Content starts

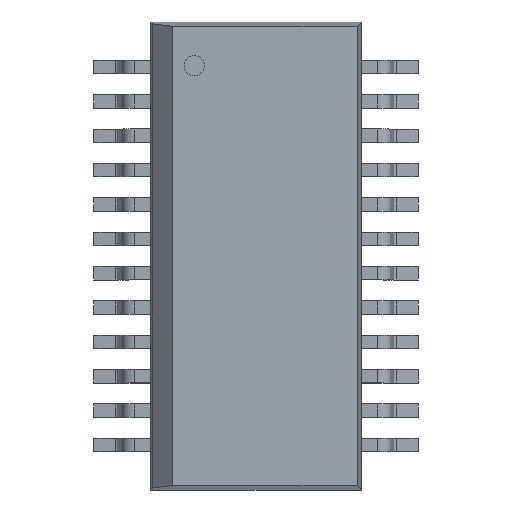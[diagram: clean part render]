
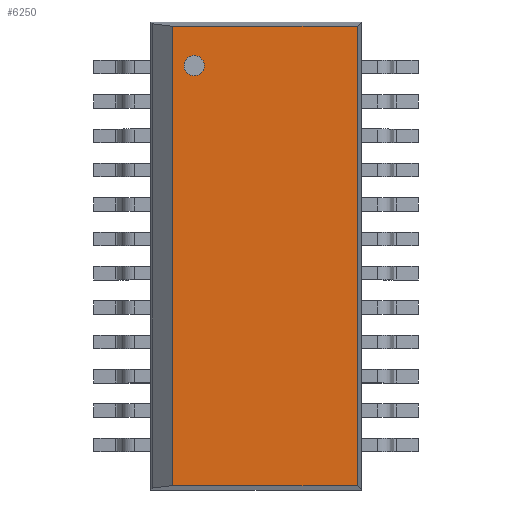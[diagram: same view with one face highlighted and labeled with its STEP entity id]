
A CAD part, top view. The second image highlights one B-rep face of the part: STEP entity #6250.
In plain terms, the highlighted planar face has unit normal (0, 0, 1).
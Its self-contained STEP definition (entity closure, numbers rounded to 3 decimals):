
#13=FACE_BOUND('',#889,.T.);
#216=PLANE('',#6761);
#532=FACE_OUTER_BOUND('',#888,.T.);
#888=EDGE_LOOP('',(#5194,#5195,#5196,#5197));
#889=EDGE_LOOP('',(#5198));
#1443=LINE('',#9878,#2148);
#1448=LINE('',#9886,#2153);
#1451=LINE('',#9892,#2156);
#1453=LINE('',#9896,#2158);
#2148=VECTOR('',#8039,1000.);
#2153=VECTOR('',#8046,1000.);
#2156=VECTOR('',#8051,1000.);
#2158=VECTOR('',#8057,1000.);
#2562=CIRCLE('',#6752,0.188);
#2982=VERTEX_POINT('',#9848);
#2991=VERTEX_POINT('',#9876);
#2992=VERTEX_POINT('',#9877);
#2994=VERTEX_POINT('',#9884);
#2996=VERTEX_POINT('',#9890);
#3750=EDGE_CURVE('',#2982,#2982,#2562,.T.);
#3763=EDGE_CURVE('',#2991,#2992,#1443,.T.);
#3768=EDGE_CURVE('',#2992,#2994,#1448,.T.);
#3771=EDGE_CURVE('',#2994,#2996,#1451,.T.);
#3773=EDGE_CURVE('',#2991,#2996,#1453,.T.);
#5194=ORIENTED_EDGE('',*,*,#3773,.F.);
#5195=ORIENTED_EDGE('',*,*,#3763,.T.);
#5196=ORIENTED_EDGE('',*,*,#3768,.T.);
#5197=ORIENTED_EDGE('',*,*,#3771,.T.);
#5198=ORIENTED_EDGE('',*,*,#3750,.F.);
#6250=ADVANCED_FACE('',(#532,#13),#216,.T.);
#6752=AXIS2_PLACEMENT_3D('',#9850,#8015,#8016);
#6761=AXIS2_PLACEMENT_3D('',#9895,#8055,#8056);
#8015=DIRECTION('center_axis',(0.,0.,1.));
#8016=DIRECTION('ref_axis',(0.,-1.,0.));
#8039=DIRECTION('',(1.,0.,0.));
#8046=DIRECTION('',(0.,1.,0.));
#8051=DIRECTION('',(-1.,0.,0.));
#8055=DIRECTION('center_axis',(0.,0.,1.));
#8056=DIRECTION('ref_axis',(0.,-1.,0.));
#8057=DIRECTION('',(0.,1.,0.));
#9848=CARTESIAN_POINT('',(-1.143,3.724,1.718));
#9850=CARTESIAN_POINT('Origin',(-1.143,3.536,1.718));
#9876=CARTESIAN_POINT('',(-1.541,-4.227,1.718));
#9877=CARTESIAN_POINT('',(1.87,-4.227,1.718));
#9878=CARTESIAN_POINT('',(-1.95,-4.227,1.718));
#9884=CARTESIAN_POINT('',(1.87,4.262,1.718));
#9886=CARTESIAN_POINT('',(1.87,-4.308,1.718));
#9890=CARTESIAN_POINT('',(-1.541,4.262,1.718));
#9892=CARTESIAN_POINT('',(1.95,4.262,1.718));
#9895=CARTESIAN_POINT('Origin',(0.,0.018,1.718));
#9896=CARTESIAN_POINT('',(-1.541,0.018,1.718));

Content ends

→ **WHAT YOU SHOULD DO**
Only an exact copy is wanted: the lines from the opening of the material through the line that has "#216=PLANE('',#6761);", minus any pictures.

→ **WRITTEN SOLUTION**
[diagram: clean part render]
[diagram: same view with one face highlighted and labeled with its STEP entity id]
A CAD part, top view. The second image highlights one B-rep face of the part: STEP entity #6250.
In plain terms, the highlighted planar face has unit normal (0, 0, 1).
Its self-contained STEP definition (entity closure, numbers rounded to 3 decimals):
#13=FACE_BOUND('',#889,.T.);
#216=PLANE('',#6761);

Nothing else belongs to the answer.